• [DATA UNDER STUDY]
^^^^^^^^
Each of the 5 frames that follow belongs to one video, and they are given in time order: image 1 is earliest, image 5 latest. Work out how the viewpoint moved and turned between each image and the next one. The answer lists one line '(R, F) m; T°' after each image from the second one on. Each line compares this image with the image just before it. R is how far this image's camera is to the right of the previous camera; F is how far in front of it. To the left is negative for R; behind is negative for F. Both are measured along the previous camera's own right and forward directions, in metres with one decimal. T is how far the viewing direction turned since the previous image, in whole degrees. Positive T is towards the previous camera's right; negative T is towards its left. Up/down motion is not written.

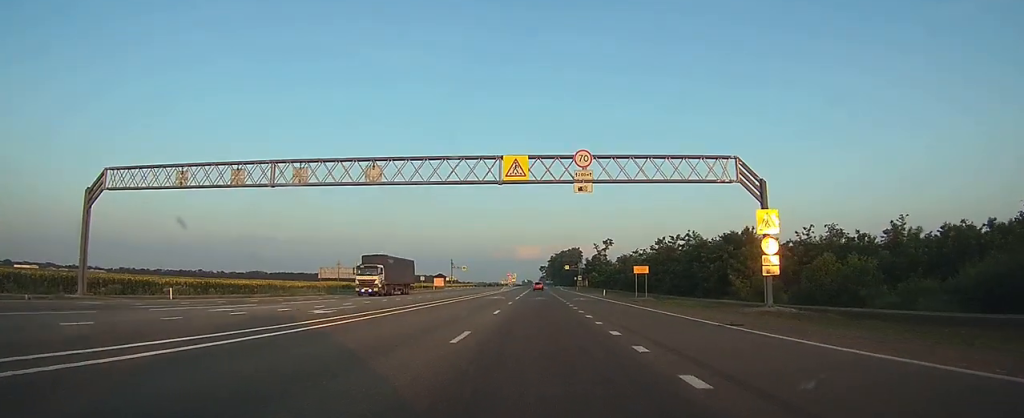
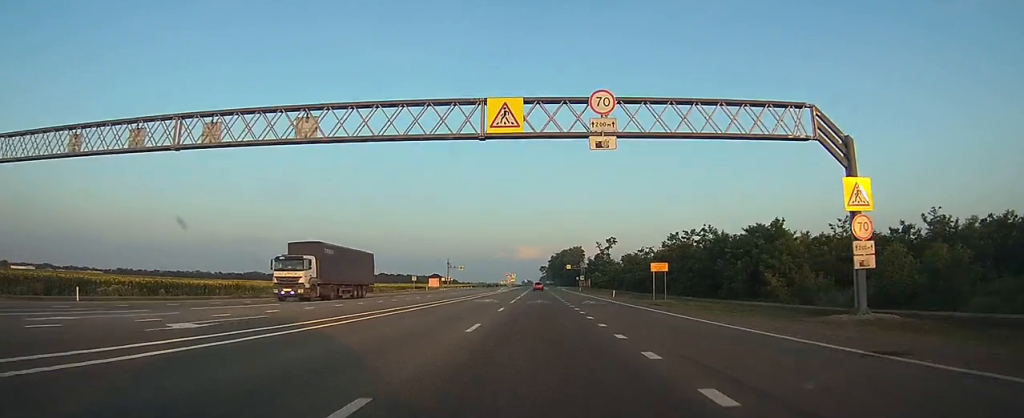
(0.0, +9.1) m; 0°
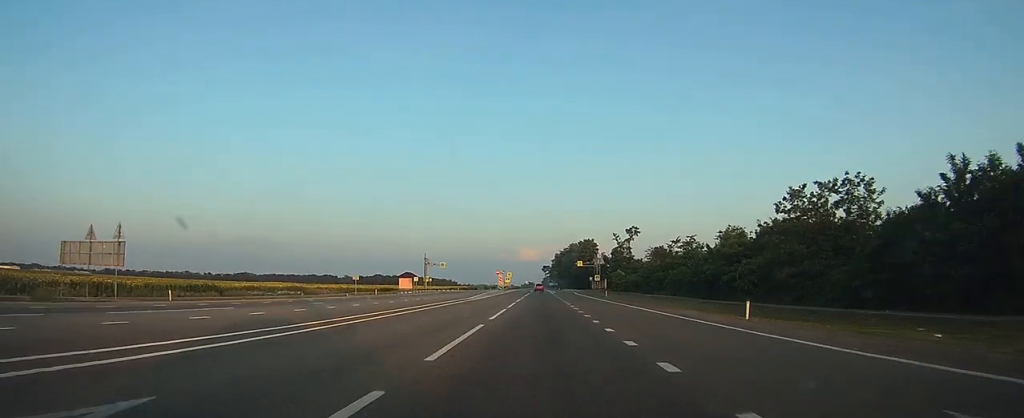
(+0.1, +41.4) m; 0°
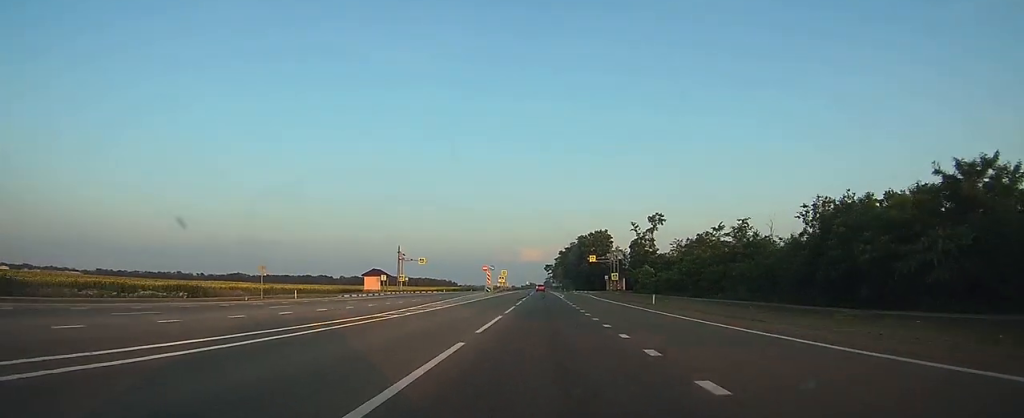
(+0.1, +29.7) m; 0°
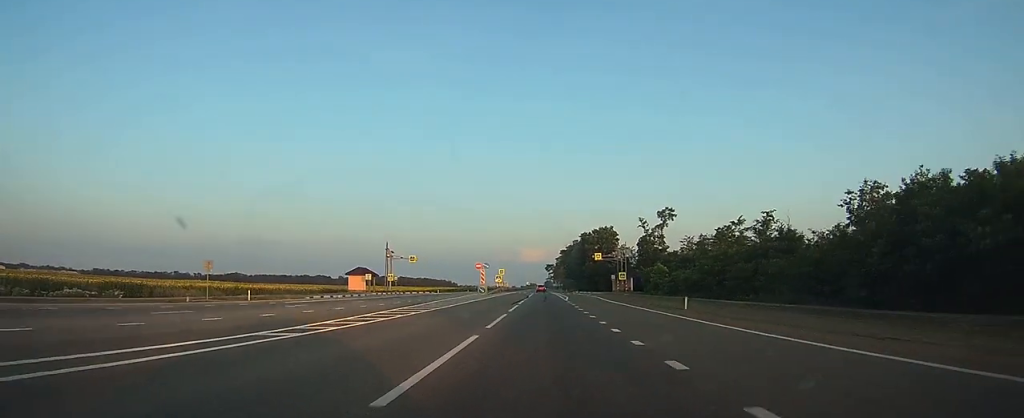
(0.0, +9.7) m; 0°
^^^^^^^^
• [AIM OF THE TASK] Every entry above is to be copied verbatim, with the pictures removed.

• [TASK ANSWER]
Each of the 5 frames that follow belongs to one video, and they are given in time order: image 1 is earliest, image 5 latest. Work out how the viewpoint moved and turned between each image and the next one. The answer lists one line '(R, F) m; T°' after each image from the second one on. Each line compares this image with the image just before it. R is how far this image's camera is to the right of the previous camera; F is how far in front of it. To the left is negative for R; behind is negative for F. Both are measured along the previous camera's own right and forward directions, in metres with one decimal. T is how far the viewing direction turned since the previous image, in whole degrees. Positive T is towards the previous camera's right; negative T is towards its left. Up/down motion is not written.

(0.0, +9.1) m; 0°
(+0.1, +41.4) m; 0°
(+0.1, +29.7) m; 0°
(0.0, +9.7) m; 0°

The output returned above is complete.